Type the entries out again exactly as they read, but leave every picture behind.

+===+

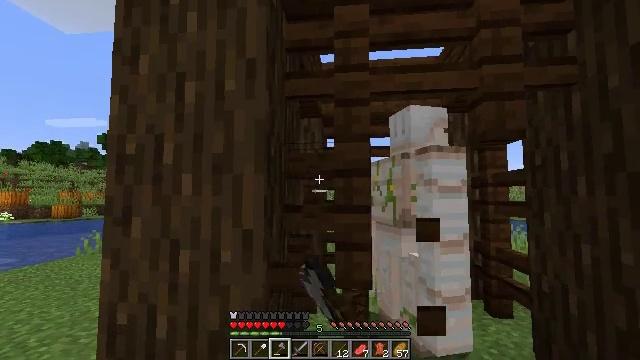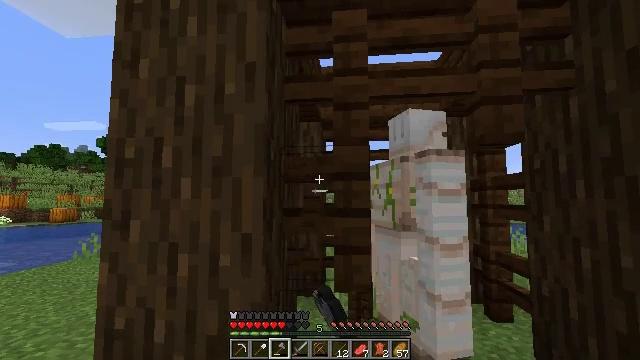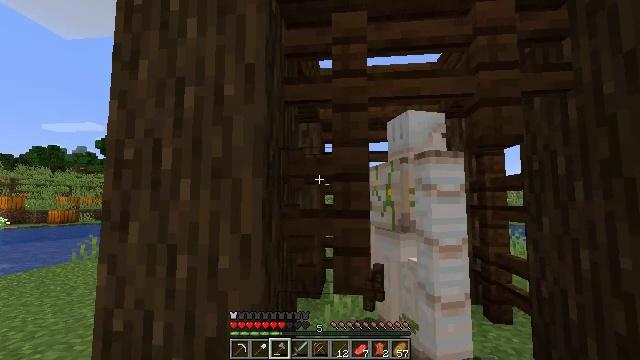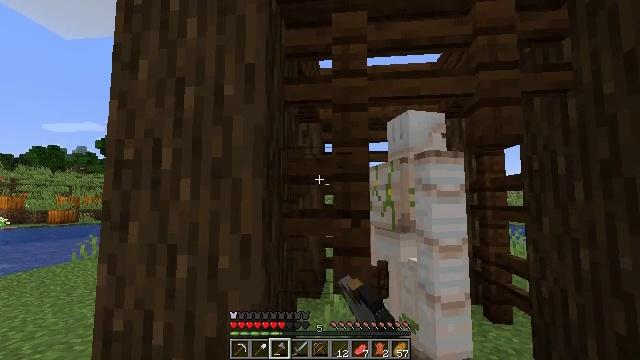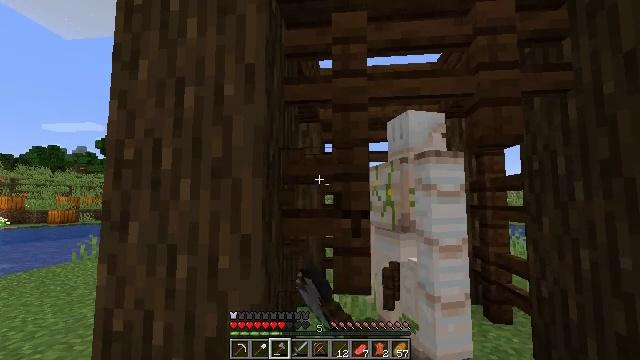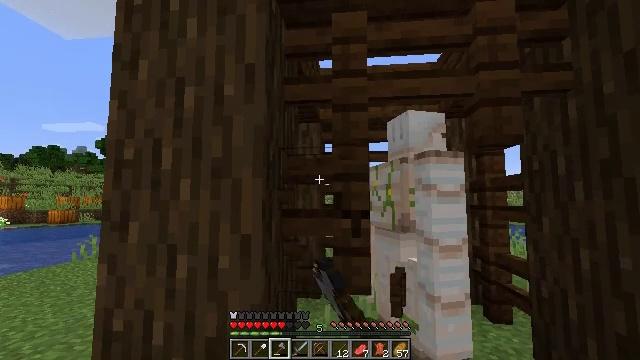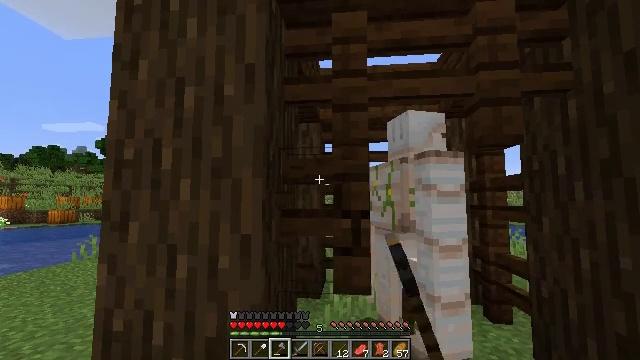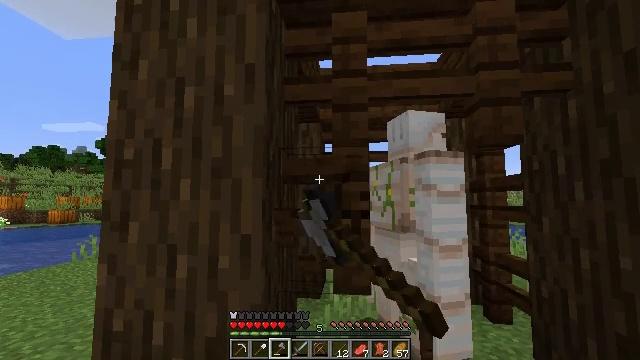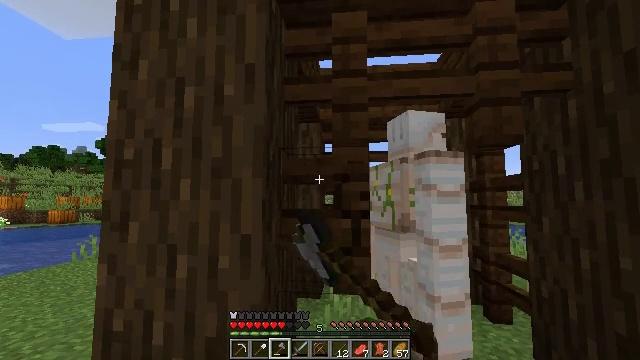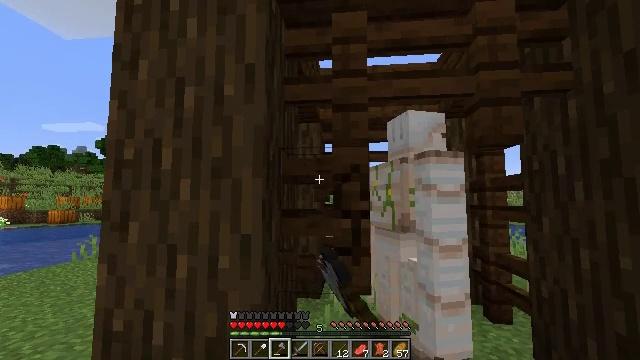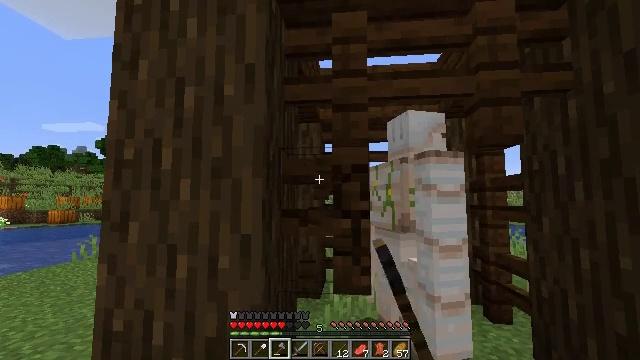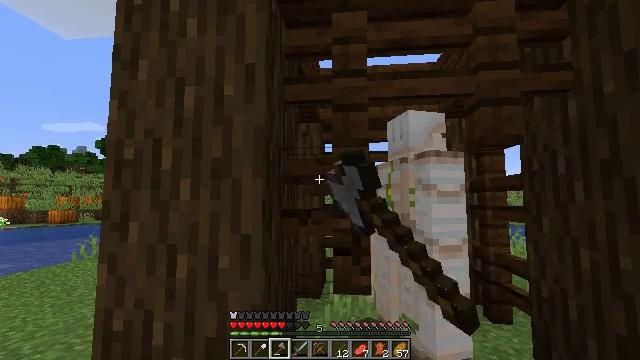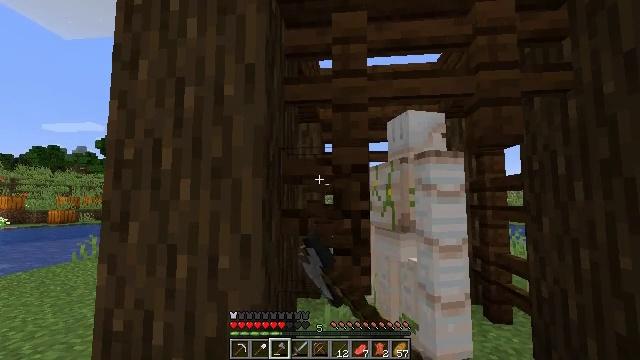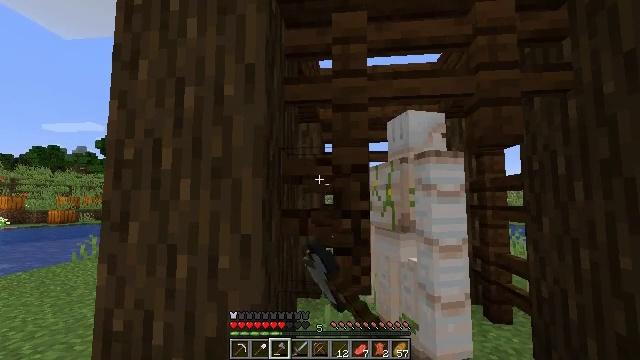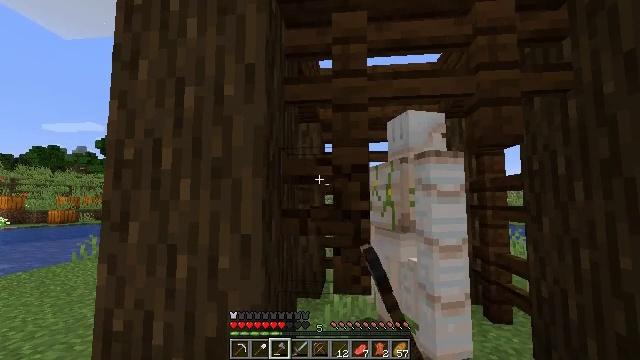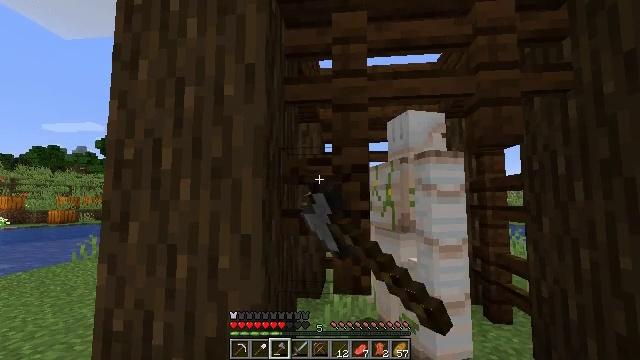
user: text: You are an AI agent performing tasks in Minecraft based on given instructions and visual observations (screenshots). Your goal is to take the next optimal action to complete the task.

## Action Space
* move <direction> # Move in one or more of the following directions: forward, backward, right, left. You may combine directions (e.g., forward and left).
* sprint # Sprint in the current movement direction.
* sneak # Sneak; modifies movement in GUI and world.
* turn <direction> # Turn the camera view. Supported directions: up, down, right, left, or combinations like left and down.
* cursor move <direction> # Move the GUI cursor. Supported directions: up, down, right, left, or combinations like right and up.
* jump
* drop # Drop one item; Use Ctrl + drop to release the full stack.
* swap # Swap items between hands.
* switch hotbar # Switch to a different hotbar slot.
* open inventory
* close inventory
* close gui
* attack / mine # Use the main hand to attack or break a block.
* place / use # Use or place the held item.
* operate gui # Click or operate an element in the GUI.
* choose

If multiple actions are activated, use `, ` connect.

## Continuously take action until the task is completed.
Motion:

+===+

> **ANSWER FOR THIS EXERCISE**
user: text: You are an AI agent performing tasks in Minecraft based on given instructions and visual observations (screenshots). Your goal is to take the next optimal action to complete the task.

## Action Space
* move <direction> # Move in one or more of the following directions: forward, backward, right, left. You may combine directions (e.g., forward and left).
* sprint # Sprint in the current movement direction.
* sneak # Sneak; modifies movement in GUI and world.
* turn <direction> # Turn the camera view. Supported directions: up, down, right, left, or combinations like left and down.
* cursor move <direction> # Move the GUI cursor. Supported directions: up, down, right, left, or combinations like right and up.
* jump
* drop # Drop one item; Use Ctrl + drop to release the full stack.
* swap # Swap items between hands.
* switch hotbar # Switch to a different hotbar slot.
* open inventory
* close inventory
* close gui
* attack / mine # Use the main hand to attack or break a block.
* place / use # Use or place the held item.
* operate gui # Click or operate an element in the GUI.
* choose

If multiple actions are activated, use `, ` connect.

## Continuously take action until the task is completed.
Motion:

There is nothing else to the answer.